As mentioned in previous answers, there is no way to find the median without touching every element of the data structure. If the algorithm you look for must be executed sequentially, then the best you can do is O(n). The deterministic selection algorithm (median-of-medians) or BFPRT algorithm will solve the problem with a worst case of O(n). You can find more about that here: http://en.wikipedia.org/wiki/Selection_algorithm#Linear_general_selection_algorithm_-_Median_of_Medians_algorithm
However, the median of medians algorithm can be made to run faster than O(n) making it parallel. Due to it's divide and conquer nature, the algorithm can be "easily" made parallel. For instance, when dividing the input array in elements of 5, you could potentially launch a thread for each sub-array, sort it and find the median within that thread. When this step finished the threads are joined and the algorithm is run again with the newly formed array of medians.
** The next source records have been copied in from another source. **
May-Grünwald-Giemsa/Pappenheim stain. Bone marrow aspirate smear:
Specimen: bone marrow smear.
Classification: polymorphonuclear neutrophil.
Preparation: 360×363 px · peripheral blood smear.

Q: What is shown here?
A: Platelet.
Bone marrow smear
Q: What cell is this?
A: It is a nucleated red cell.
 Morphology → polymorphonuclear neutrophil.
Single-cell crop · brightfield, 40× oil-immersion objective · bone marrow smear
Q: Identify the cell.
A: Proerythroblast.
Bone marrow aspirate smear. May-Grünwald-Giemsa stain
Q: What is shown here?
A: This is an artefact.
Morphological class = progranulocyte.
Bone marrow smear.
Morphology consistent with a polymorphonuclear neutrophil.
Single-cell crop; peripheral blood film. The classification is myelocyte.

Note that such design would only be beneficial in really large data sets. The additional overhead that spawning threads has and merging them makes it unfeasible for smaller sets. This has a bit of insight: http://www.umiacs.umd.edu/research/EXPAR/papers/3494/node18.html
Note that you can find asymptotically faster algorithms out there, however they are not practical enough for daily use. Your best bet is the already mentioned sequential median-of-medians algorithm.
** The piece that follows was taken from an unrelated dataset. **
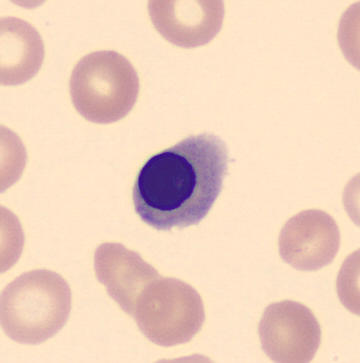

Acquisition: Peripheral blood smear.

Impression — normoblast.

Master Yoda's randomized algorithm has, of course, a minimum complexity of n like any other, an expected complexity of n (not log n) and a maximum complexity of n squared like Quicksort. It's still very good.
In practice, the "random" pivot choice might sometimes be a fixed location (without involving a RNG) because the initial array elements are known to be random enough (e.g. a random permutation of distinct values, or independent and identically distributed) or deduced from an approximate or exactly known distribution of input values.
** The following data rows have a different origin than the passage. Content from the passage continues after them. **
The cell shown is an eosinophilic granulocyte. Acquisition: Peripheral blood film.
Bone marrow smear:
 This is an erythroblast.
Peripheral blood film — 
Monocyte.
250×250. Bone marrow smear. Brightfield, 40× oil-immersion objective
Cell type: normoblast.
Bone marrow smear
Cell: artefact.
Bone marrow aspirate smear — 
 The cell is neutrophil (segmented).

I know one randomize algorithm with time complexity of O(n) in expectation.
Here is the algorithm:
Input: array of n numbers A[1...n] [without loss of generality we can assume n is even]
Output: n/2th element in the sorted array.
Algorithm ( A[1..n] , k = n/2):
Pick a pivot - p universally at random from 1...n
Divided array into 2 parts:
L - having element <= A[p]
R - having element > A[p]
if(n/2 == |L|) A[|L| + 1] is the median stop
if( n/2 < |L|) re-curse on (L, k)
else re-curse on (R, k - (|L| + 1)
Complexity:
O( n)
proof is all mathematical. One page long. If you are interested ping me.
To expand on rwong's answer: Here is an example code
// partial_sort example
#include <iostream>
#include <algorithm>
#include <vector>
using namespace std;
int main () {
int myints[] = {9,8,7,6,5,4,3,2,1};
vector<int> myvector (myints, myints+9);
vector<int>::iterator it;
partial_sort (myvector.begin(), myvector.begin()+5, myvector.end());
// print out content:
cout << "myvector contains:";
for (it=myvector.begin(); it!=myvector.end(); ++it)
cout << " " << *it;
cout << endl;
return 0;
}
Output:
myvector contains: 1 2 3 4 5 9 8 7 6
The element in the middle would be the median.